What to work on: Return the data below unchanged, without images.

START Material shown

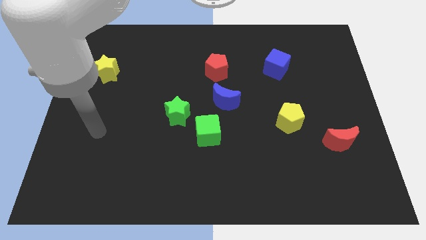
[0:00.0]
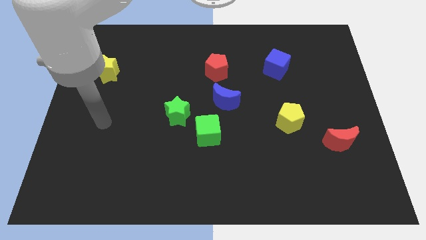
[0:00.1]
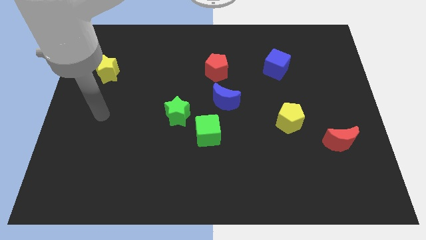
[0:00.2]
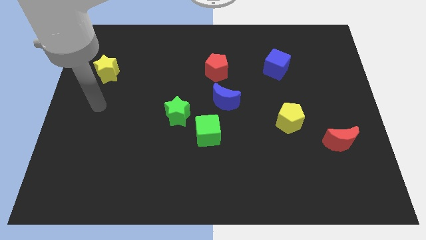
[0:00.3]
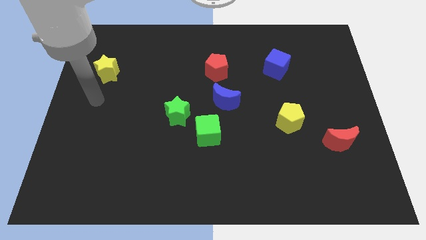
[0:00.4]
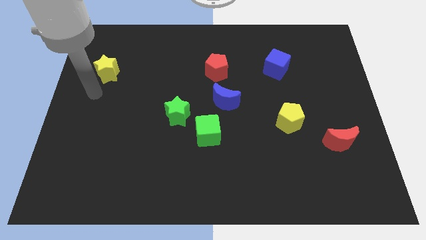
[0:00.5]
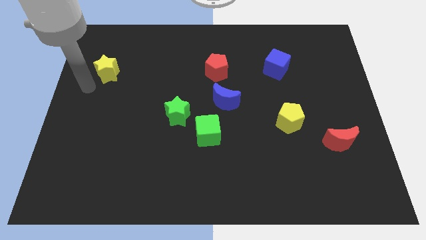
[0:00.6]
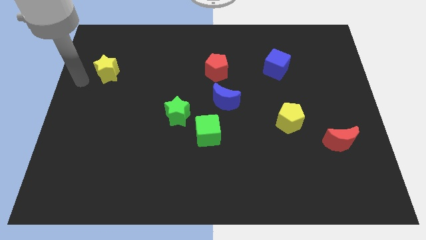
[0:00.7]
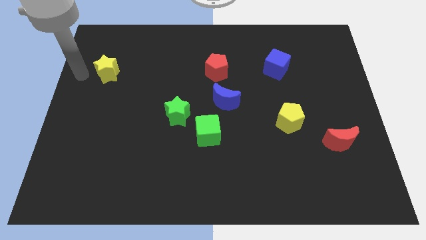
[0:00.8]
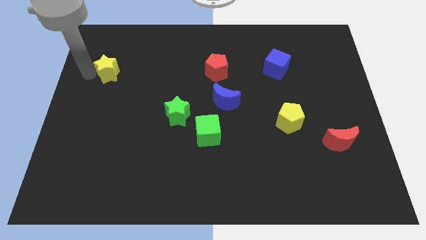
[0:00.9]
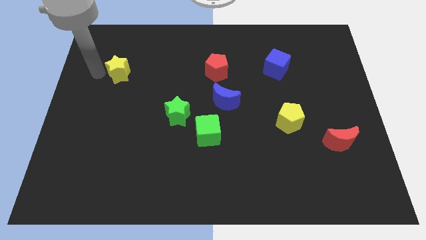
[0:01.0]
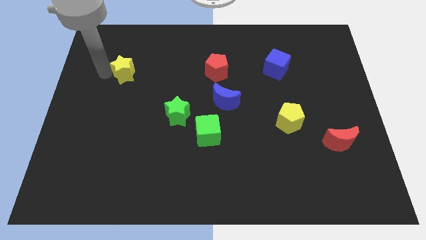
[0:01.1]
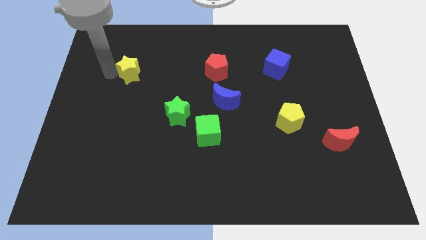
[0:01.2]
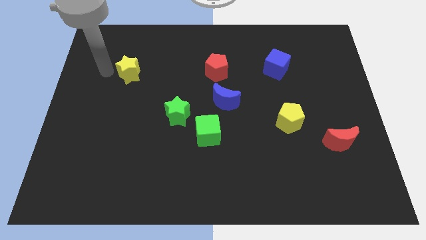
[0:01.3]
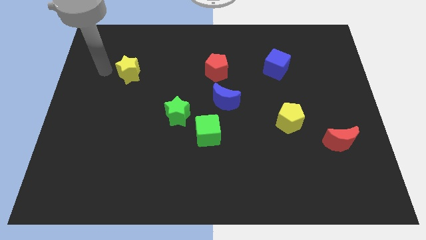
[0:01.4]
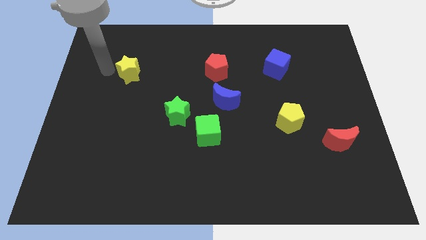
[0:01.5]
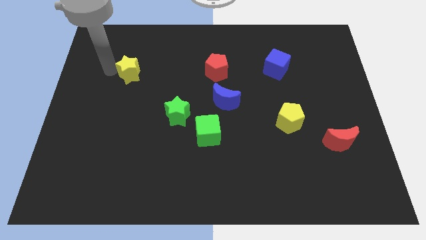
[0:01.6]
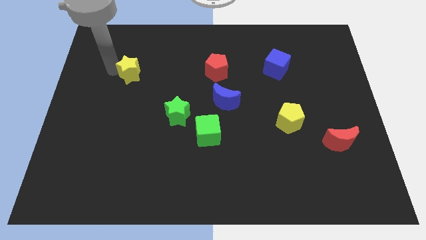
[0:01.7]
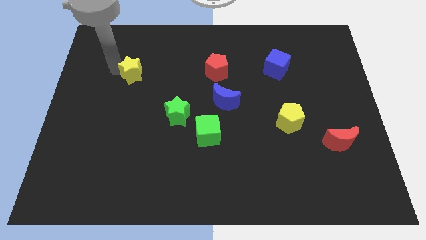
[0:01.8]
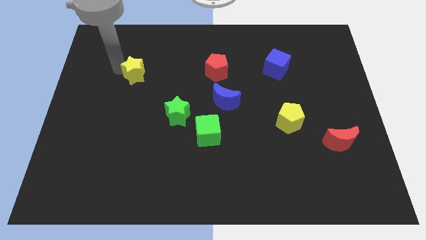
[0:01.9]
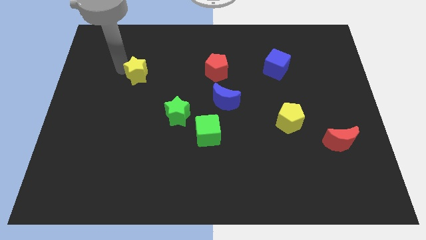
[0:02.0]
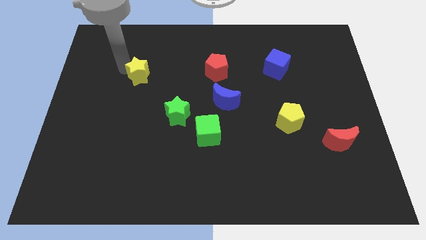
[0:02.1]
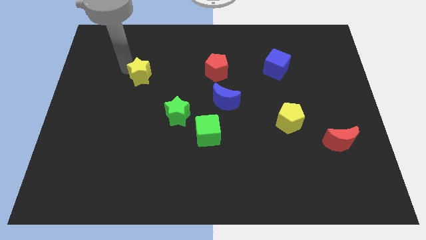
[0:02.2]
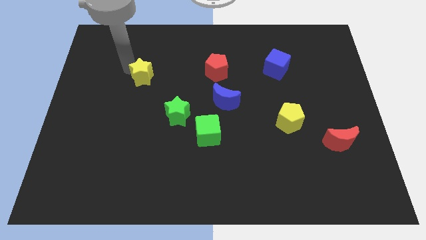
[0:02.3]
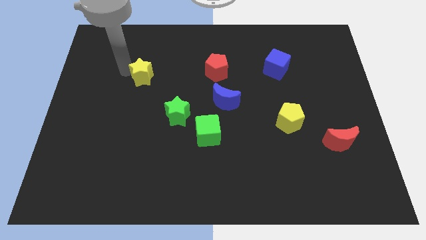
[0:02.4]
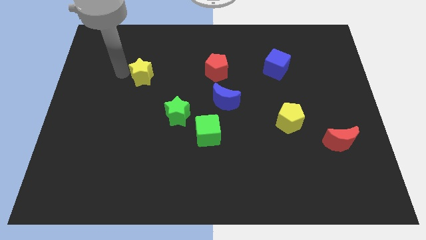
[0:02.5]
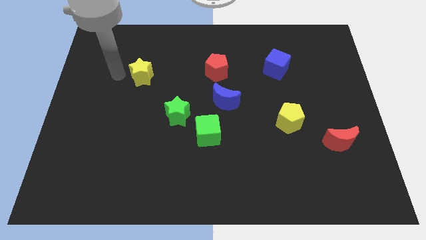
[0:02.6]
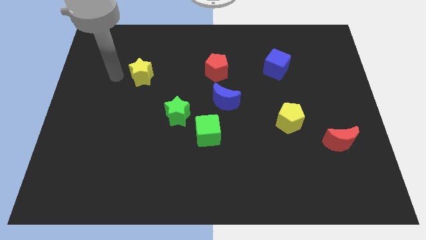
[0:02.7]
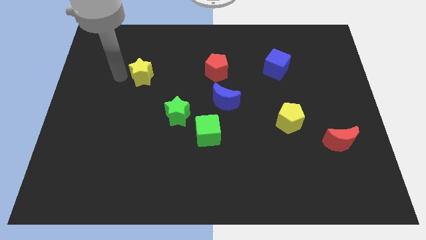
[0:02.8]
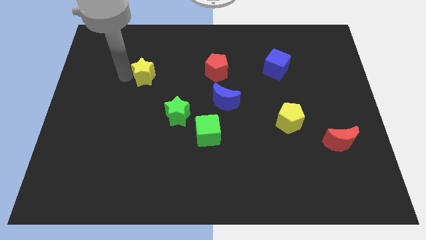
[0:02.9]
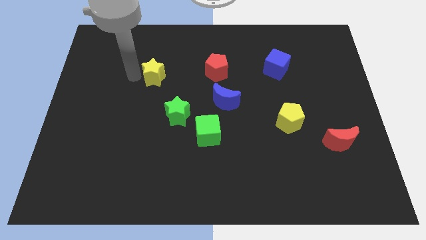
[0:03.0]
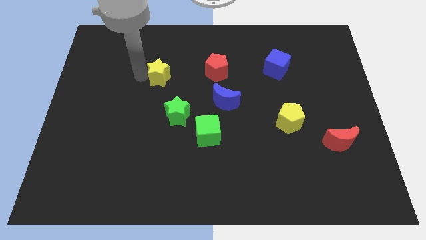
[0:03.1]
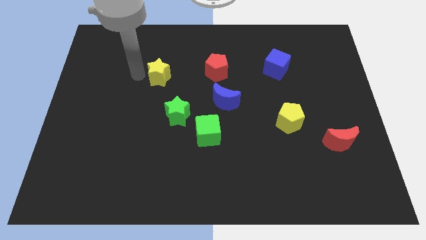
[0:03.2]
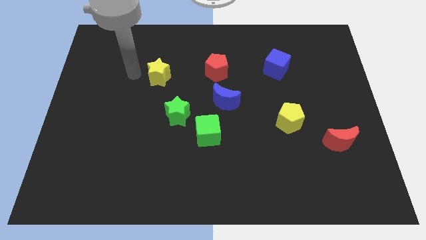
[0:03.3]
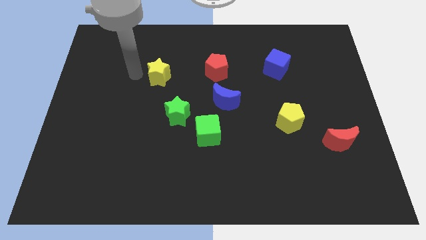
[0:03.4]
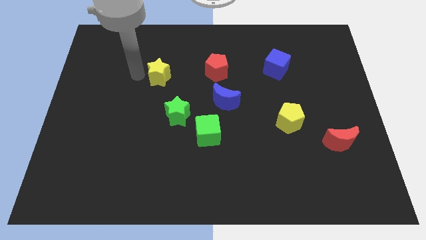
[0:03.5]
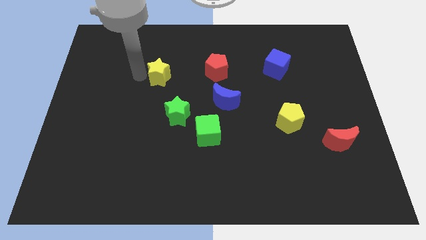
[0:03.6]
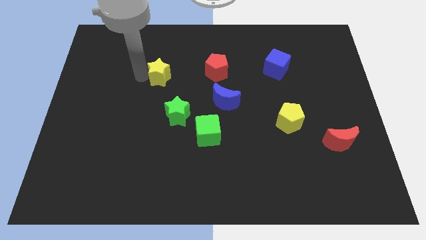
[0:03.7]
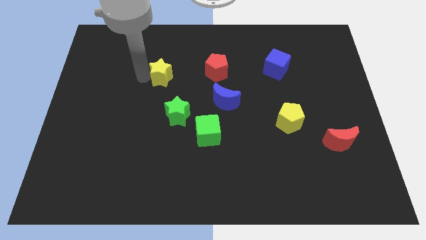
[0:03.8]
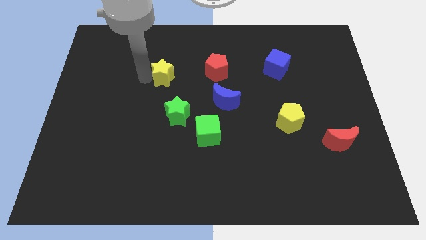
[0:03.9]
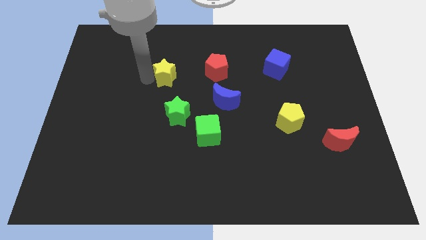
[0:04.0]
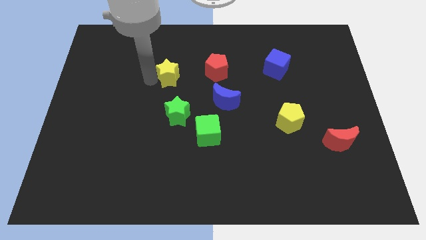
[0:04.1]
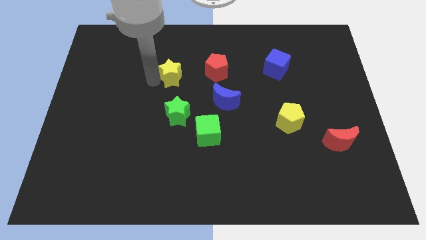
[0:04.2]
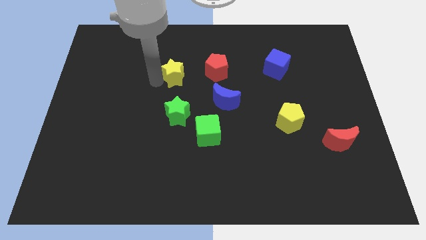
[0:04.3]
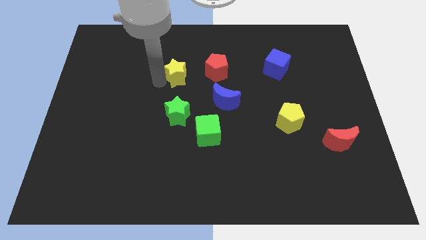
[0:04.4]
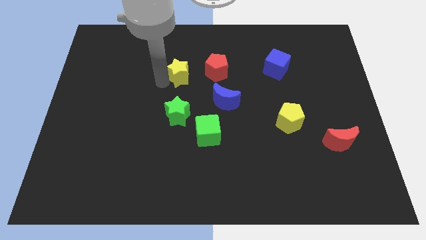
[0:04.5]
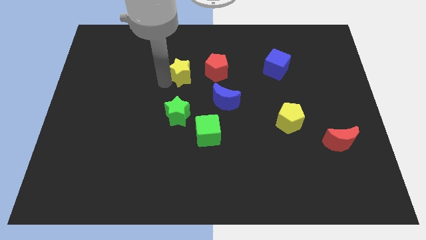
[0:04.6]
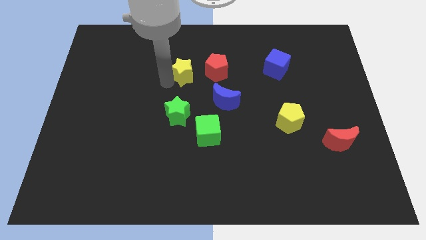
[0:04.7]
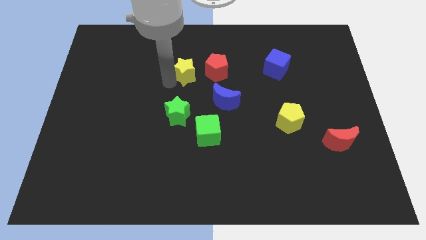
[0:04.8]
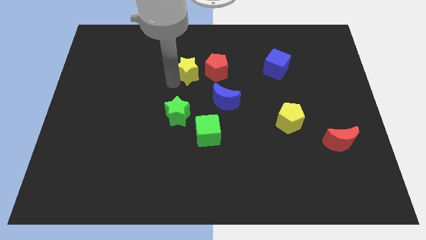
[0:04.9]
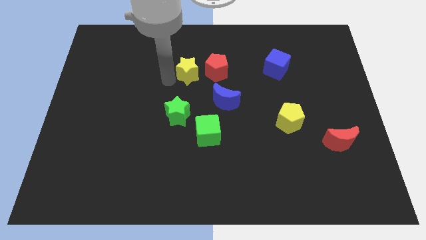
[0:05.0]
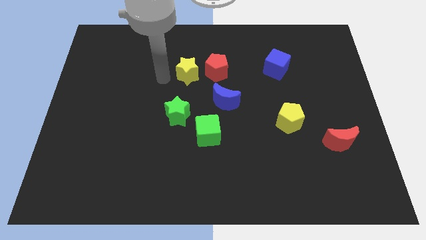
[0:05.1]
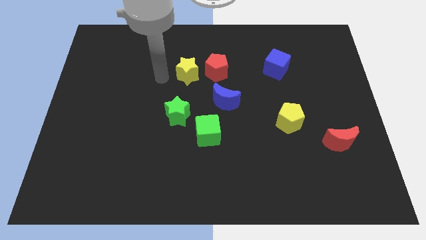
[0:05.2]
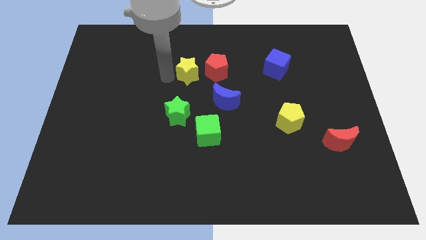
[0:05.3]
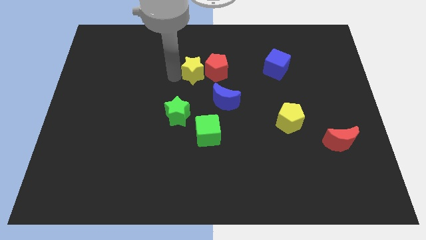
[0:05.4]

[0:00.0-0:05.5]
slide the yellow star towards the red pentagon

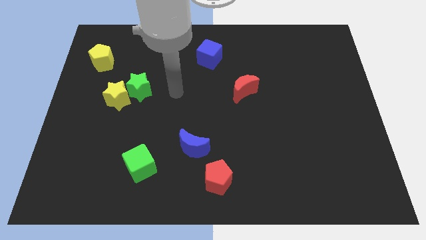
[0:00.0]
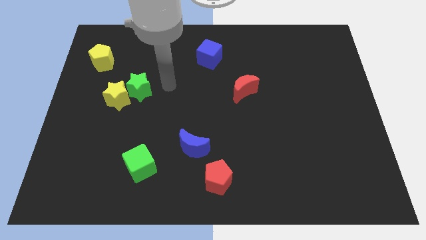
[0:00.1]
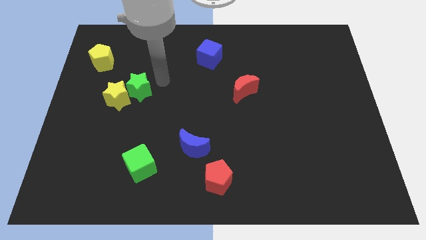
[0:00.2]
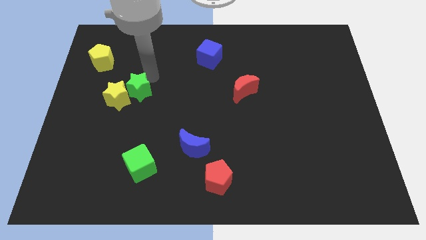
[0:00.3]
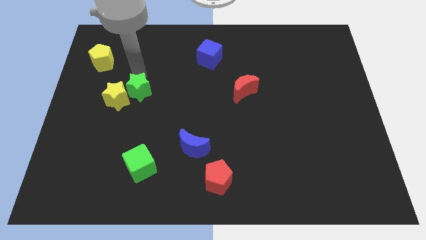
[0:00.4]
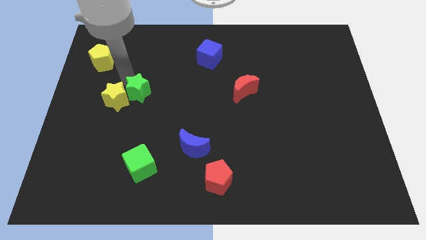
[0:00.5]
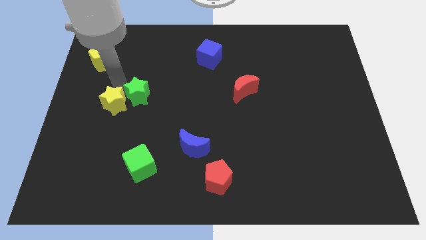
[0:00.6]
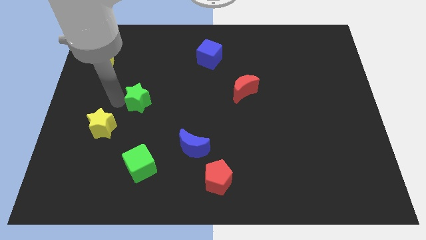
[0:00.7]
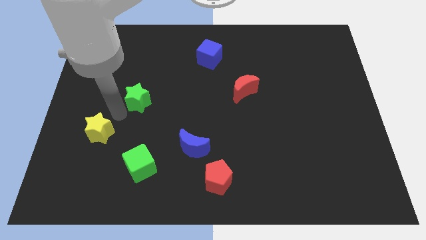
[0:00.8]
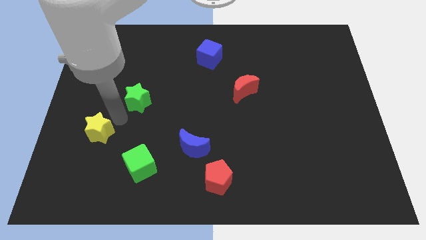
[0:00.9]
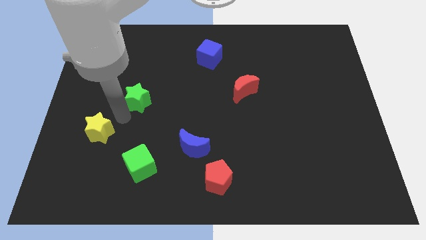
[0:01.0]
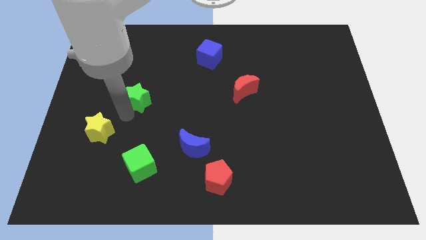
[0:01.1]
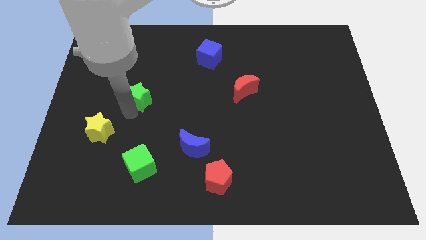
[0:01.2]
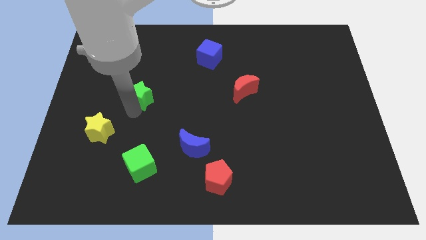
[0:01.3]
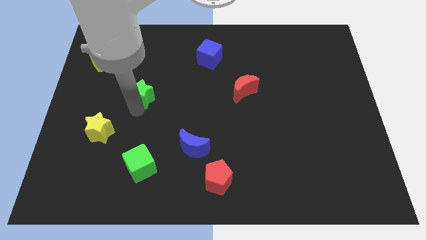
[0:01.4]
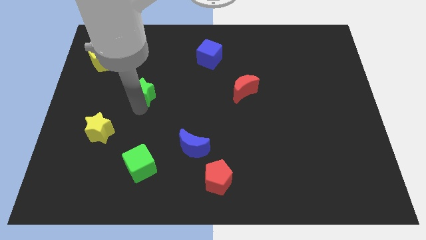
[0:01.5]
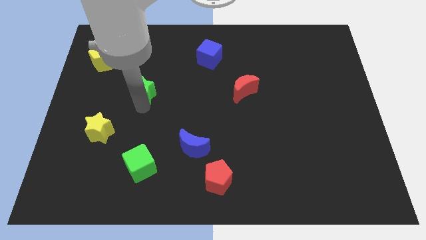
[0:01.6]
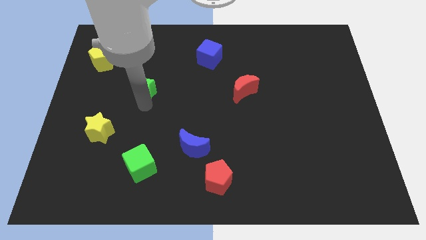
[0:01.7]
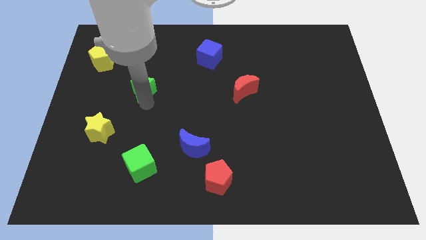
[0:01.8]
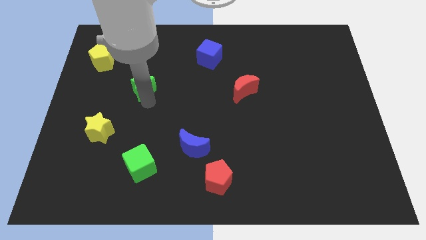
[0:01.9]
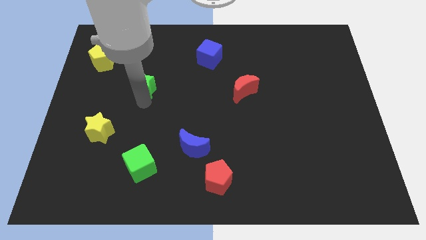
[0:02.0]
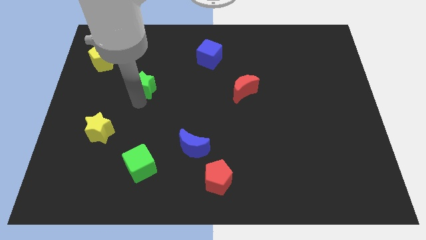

END Material shown

Result:
[0:00.0]
[0:00.1]
[0:00.2]
[0:00.3]
[0:00.4]
[0:00.5]
[0:00.6]
[0:00.7]
[0:00.8]
[0:00.9]
[0:01.0]
[0:01.1]
[0:01.2]
[0:01.3]
[0:01.4]
[0:01.5]
[0:01.6]
[0:01.7]
[0:01.8]
[0:01.9]
[0:02.0]
[0:02.1]
[0:02.2]
[0:02.3]
[0:02.4]
[0:02.5]
[0:02.6]
[0:02.7]
[0:02.8]
[0:02.9]
[0:03.0]
[0:03.1]
[0:03.2]
[0:03.3]
[0:03.4]
[0:03.5]
[0:03.6]
[0:03.7]
[0:03.8]
[0:03.9]
[0:04.0]
[0:04.1]
[0:04.2]
[0:04.3]
[0:04.4]
[0:04.5]
[0:04.6]
[0:04.7]
[0:04.8]
[0:04.9]
[0:05.0]
[0:05.1]
[0:05.2]
[0:05.3]
[0:05.4]

[0:00.0-0:05.5]
slide the yellow star towards the red pentagon

[0:00.0]
[0:00.1]
[0:00.2]
[0:00.3]
[0:00.4]
[0:00.5]
[0:00.6]
[0:00.7]
[0:00.8]
[0:00.9]
[0:01.0]
[0:01.1]
[0:01.2]
[0:01.3]
[0:01.4]
[0:01.5]
[0:01.6]
[0:01.7]
[0:01.8]
[0:01.9]
[0:02.0]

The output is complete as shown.